Note: Does NOT return title, author, dates - those come from the primary query.

IssueViewerSecondaryViewQuery (Issue Page Only)

Used on individual issue pages for sidebar data. NOT suitable for list views.

Variables:

{
  "markAsRead": false,
  "number": 3508,
  "owner": "rails",
  "repo": "rails"
}

Returns: title, number, state, participants, milestone, but NOT createdAt, updatedAt, or author.

Query Limitations

Different queries return different fields. For example, IssueViewerSecondaryViewQuery:

  • Returns: title, number, state, participants, milestone
  • Missing: createdAt, updatedAt, author, comments.totalCount

Always validate that required fields are present in the response.

REST API Comparison

Endpoint

  • URL: https://api.github.com/repos/{owner}/{repo}/issues/{number}
  • Authentication: None (public repos) or PAT
  • Rate limit: 60 requests/hour (unauthenticated), 5000/hour (authenticated)
  • No batch endpoint: Each issue requires a separate request

CORS and Extension Context

Content scripts cannot directly call api.github.com due to CORS:

  • Browser blocks cross-origin requests from content scripts
  • Solution: Route requests through background service worker

Background scripts and popups can call api.github.com:

  • Not subject to CORS restrictions (with host_permissions)
  • This is the only way for extension UI (popup) to fetch issue data
  • Subject to rate limits (60/hour unauthenticated)

Response Format

REST API returns comprehensive issue data:

{
  "number": 3508,
  "title": "Issue title",
  "state": "open",
  "html_url": "https://github.com/owner/repo/issues/3508",
  "created_at": "2011-11-03T...",
  "updated_at": "2024-12-15T...",
  "comments": 16,
  "user": {
    "login": "username",
    "html_url": "https://github.com/username"
  }
}

Capturing Data Passively

webRequest API

The webRequest API can intercept HTTP traffic without making additional requests:

browser.webRequest.onHeadersReceived.addListener(
  (details) => {
    const linkHeader = details.responseHeaders?.find(
      h => h.name.toLowerCase() === 'link'
    );
    // Extract data from headers
  },
  { urls: ['https://github.com/*/*/issues/*'] },
  ['responseHeaders']
);

Use cases:

  • Capture GraphQL query hashes from preload hints
  • Monitor for specific response patterns
  • Zero latency overhead (piggybacks on normal navigation)

CSS Module Classes

GitHub uses CSS modules with generated hash suffixes:

Search-module__SearchContainer--CkrWX
ListItems-module__listContainer--sgptj
ListView-module__container--rxCWy
Metadata-module__container--ydeM8

These class names:

  • Are stable within a deployment
  • Change between deployments (both the separator format and hash values have changed in the past)
  • Must NOT be hardcoded — the extension discovers them at runtime from GitHub's stylesheets

The extension's CSS class discovery system (shared.js) scans document.styleSheets to resolve registered prefixes (e.g., Search-module__SearchContainer) to their current full class names.
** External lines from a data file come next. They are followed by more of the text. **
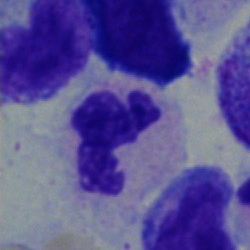Single cell identified as a neutrophil (segmented).
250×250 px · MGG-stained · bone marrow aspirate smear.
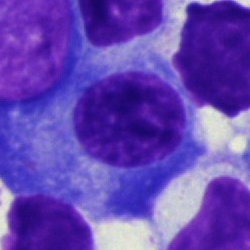 Morphological class = plasma cell.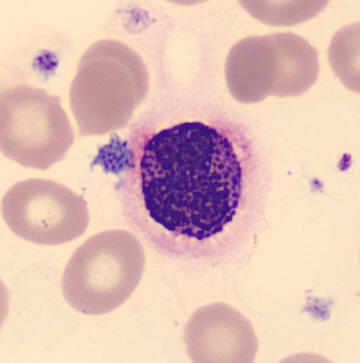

See the "CSS Module Classes" section in CLAUDE.md for usage details.

Authentication State

Detecting Login Status

When user is not logged in:

  • GraphQL requests may return different data or errors
  • Some queries may fail entirely
  • Extension should handle gracefully and show appropriate message

Session Cookies

GitHub session is maintained via cookies:

  • user_session - main session cookie
  • __Host-user_session_same_site - SameSite variant
  • Cookies sent automatically with credentials: 'same-origin'

Best Practices for Extensions

  1. Use GraphQL from content scripts (no rate limits, batch queries)
  2. Use REST API from popup/background (only option due to Sec-Fetch-Site)
  3. Route REST requests through background script when called from content scripts (CORS)
  4. Validate GraphQL responses for required fields
  5. Use MutationObserver for React re-render resilience
  6. Cache query hashes to storage.sync (survives service worker restarts)
  7. Handle hash expiration gracefully (discover new hashes from Link headers)
  8. Never assume field presence - use optional chaining

Rate Limit Considerations

Primary Limits

Method Limit Notes
GraphQL (internal) None Uses session, not API quota
REST (unauthenticated) 60/hour Per IP address
REST (with PAT) 5,000/hour Per token

Secondary Limits (REST API)

These apply regardless of authentication:

Limit Type Value Notes
Concurrent requests 100 max Shared across REST and GraphQL
Per-endpoint 900 points/min GET/HEAD/OPTIONS: 1 pt, others: 5
CPU time 90s per 60s real Computation limit
Content creation 80/min, 500/hour Rate for creating content

Secondary/abuse limit 403 responses may lack standard rate-limit headers (X-RateLimit-Remaining). Treat any 403 from the REST API as rate-limited, not just those with X-RateLimit-Remaining: 0.

Implications for Extensions

For users with 100+ bookmarks:

  • Pagination is essential to stay within limits
  • GraphQL (internal) is preferred - no rate limits for logged-in users
  • REST API requires careful batching (recommend 20 items per page)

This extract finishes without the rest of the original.